Integration of Nanoimprinted Layers in Organic Semiconductor Chemical Sensors and Lasers

Organic semiconductors are attractive materials for additive manufacture of optoelectronic and photonic devices by solution or vapour deposition. They can also be combined with nanoimprint techniques to add functionality to films and devices by patterning them at the nanoscale. In this presentation we will discuss approaches for nanoimprinting thin-film chemical sensors and lasers both at the sub-wavelength and molecular scales.

Nanoimprint lithography offers a simple and scalable process to pattern polymer films on length scales of 10s to 100s of nanometres. We have previously applied these techniques both in UV-photocurable polymer layers and directly to pattern the organic semiconductor using solvent immersion imprint lithography. We will present processes for reliable replication of photonic crystal and distributed feedback structures in layers that can be additively integrated with organic semiconductor waveguides as an optical cavity for very low threshold visible lasers.

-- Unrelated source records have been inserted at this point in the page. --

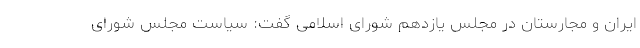
ایران و مجارستان در مجلس یازدهم شورای اسلامی گفت: سیاست مجلس شورای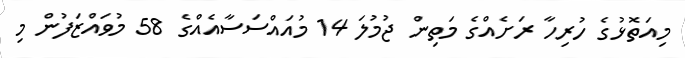
މިއަތޮޅުގެ ހުރިހާ ރަށެއްގެ މަތިން ޖުމުލަ 14 މުއައްސަސާއެއްގެ 58 މުވައްޒަފުން މި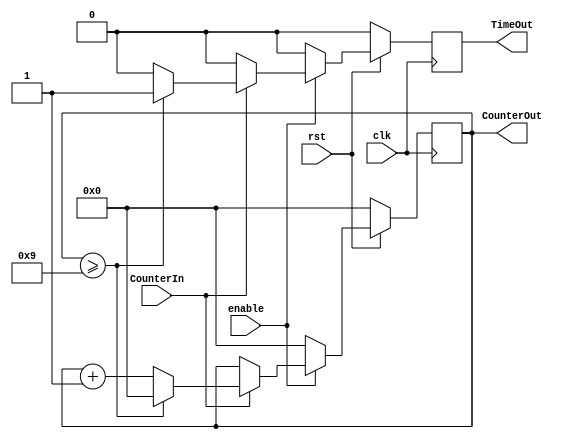
//Course: ECE 6370
//Title: CountTo10
//Description: Counts values from 0 to 10 when the counter input 
//is high. Produces single cycle pulse when CounterOut reaches 10. Retains the CounterOut value when 
//CounterIn becomes low.
//Trial #1, 3/18/19

module CountTo10WD( CounterIn, enable, CounterOut, TimeOut, clk, rst);
	input CounterIn, clk, rst, enable;

	output [3:0] CounterOut;
	reg [3:0] CounterOut;
	output TimeOut;	
	reg TimeOut;

	always@(posedge clk)
		begin
		if(rst==0)
			begin
			TimeOut <=0; 
			CounterOut <=0;
			end
		else
		begin 
			if (enable ==1)
			begin
			if(CounterIn==1)
				begin
				if(CounterOut>=9)
					begin
					TimeOut <=1'b1;
					CounterOut <=0;
					end
				else
					begin
					TimeOut <=0;
					CounterOut <= CounterOut+1'b1;
					end
				end
			else
				begin
				TimeOut <=0;
				CounterOut<=CounterOut;
				end
			end 
			else
			begin
				TimeOut <=0;
				CounterOut <=0;
			end
		end
		end
endmodule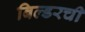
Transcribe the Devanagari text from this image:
बिल्डरची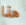
هذا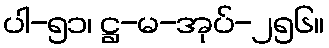
ပါ-၅၁၊ ဋ္ဌ-မ-အုပ်-၂၅၆။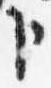
臣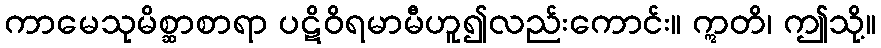
ကာမေသုမိစ္ဆာစာရာ ပဋိဝိရမာမီဟူ၍လည်းကောင်း။ ဣတိ၊ ဤသို့။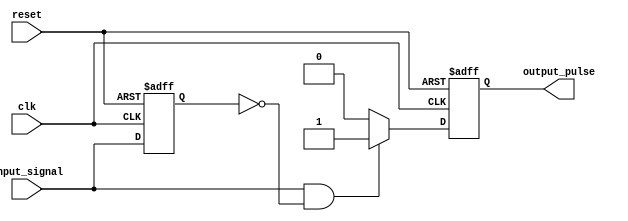
module positive_edge_detector (
    input wire clk,               // Clock signal
    input wire reset,             // Asynchronous reset
    input wire input_signal,      // Input binary signal
    output reg output_pulse       // Output pulse indicating positive edge
);

// Internal register to hold the previous state of the input signal
reg prev_state;

// Sequential logic to detect positive edge
always @(posedge clk or posedge reset) begin
    if (reset) begin
        // Reset the previous state and output pulse
        prev_state <= 0;
        output_pulse <= 0;
    end else begin
        // Detect positive edge
        if (input_signal == 1 && prev_state == 0) begin
            output_pulse <= 1;   // Generate output pulse on positive edge
        end else begin
            output_pulse <= 0;   // Reset the pulse if no edge detected
        end
        // Update the previous state
        prev_state <= input_signal;
    end
end

endmodule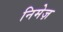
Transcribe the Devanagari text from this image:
निमेज़

Organic semiconductor sensors, which exploit luminescence quenching in the presence of certain target analyte molecules, offer an attractive approach for extremely sensitive detection of trace levels of hazardous environmental chemicals. These sensors operate by absorbing analyte molecules into the organic film from the vapour or solution surrounding the sensor. The absorbed molecules can interrupt the light emission process through a photoexcited electron transfer from the light emitting material to the (electronegative) analyte molecule. We have shown that the speed and sensitivity of the sensor response can be improved by configuring the sensor film as a nanopattered organic laser. A major challenge in these sensors, however, is how to increase their specificity to be able to discriminate a target molecule from potential distractant chemicals. We will also present an approach to imprint a molecular recognition layer above the organic semiconductor film using molecular imprinting in a porous solgel. The shape-imprinted channels in this layer can allow accumulation of the target analyte molecule in the sensing layer, while significantly suppressing quenching by other similar molecules from the headspace above the sensor. We will also present progress and potential in developing applications of these sensors for detection of explosives, pharmaceuticals and environmental pollutants in water or in vapour phase.